**WHAT TO DO:**
Exact reproduction of every record is required, and pictures are to be excluded.

[Saved data entries]

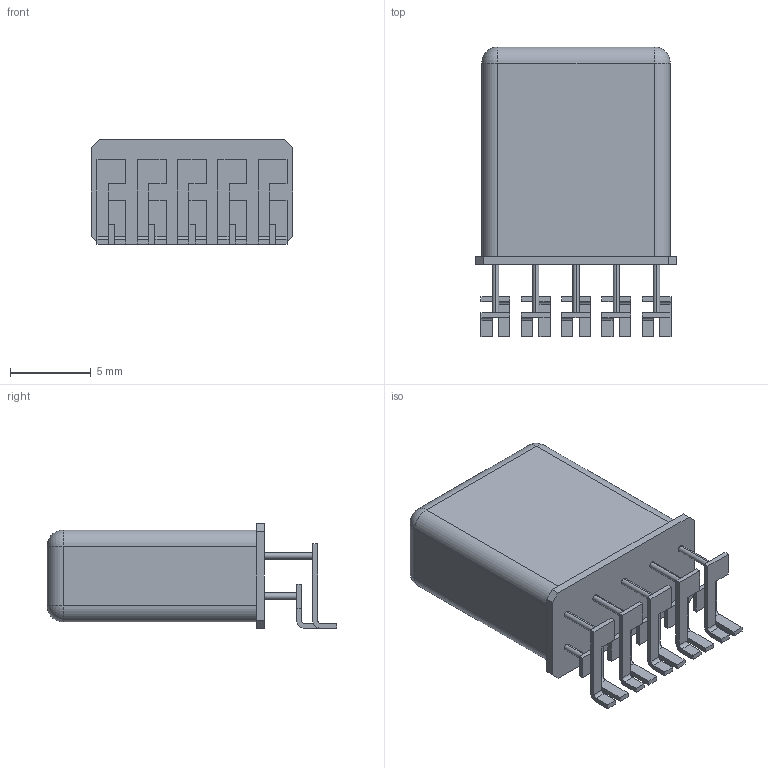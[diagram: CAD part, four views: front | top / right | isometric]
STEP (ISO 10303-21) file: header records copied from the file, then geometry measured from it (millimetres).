
FILE_DESCRIPTION (( 'STEP AP214' ), '1' );
FILE_NAME ('RPS45-1.STEP', '2020-06-22T04:26:14', ( '' ), ( '' ), 'SwSTEP 2.0', 'SolidWorks 2018', '' );
FILE_SCHEMA (( 'AUTOMOTIVE_DESIGN' ));
Length unit declared in the file: millimetre
Products named in the file (1): RPS45-1
Bounding box: 12.5 x 18 x 6.5 mm (x, y, z)
Volume: 909.5 mm3; surface area: 779.2 mm2
Topology: 1 solids, 1 shells, 167 faces, 424 edges, 276 vertices
Faces by surface type: plane 115, cylinder 48, sphere 4
Entity records: 6845 total; most frequent: CARTESIAN_POINT 864, DIRECTION 852, ORIENTED_EDGE 840, EDGE_CURVE 420, VECTOR 324, LINE 324, VERTEX_POINT 276, AXIS2_PLACEMENT_3D 264

**RESPONSE TO THIS TASK:**
[diagram: CAD part, four views: front | top / right | isometric]
STEP (ISO 10303-21) file: header records copied from the file, then geometry measured from it (millimetres).
FILE_DESCRIPTION (( 'STEP AP214' ), '1' );
FILE_NAME ('RPS45-1.STEP', '2020-06-22T04:26:14', ( '' ), ( '' ), 'SwSTEP 2.0', 'SolidWorks 2018', '' );
FILE_SCHEMA (( 'AUTOMOTIVE_DESIGN' ));
Length unit declared in the file: millimetre
Products named in the file (1): RPS45-1
Bounding box: 12.5 x 18 x 6.5 mm (x, y, z)
Volume: 909.5 mm3; surface area: 779.2 mm2
Topology: 1 solids, 1 shells, 167 faces, 424 edges, 276 vertices
Faces by surface type: plane 115, cylinder 48, sphere 4
Entity records: 6845 total; most frequent: CARTESIAN_POINT 864, DIRECTION 852, ORIENTED_EDGE 840, EDGE_CURVE 420, VECTOR 324, LINE 324, VERTEX_POINT 276, AXIS2_PLACEMENT_3D 264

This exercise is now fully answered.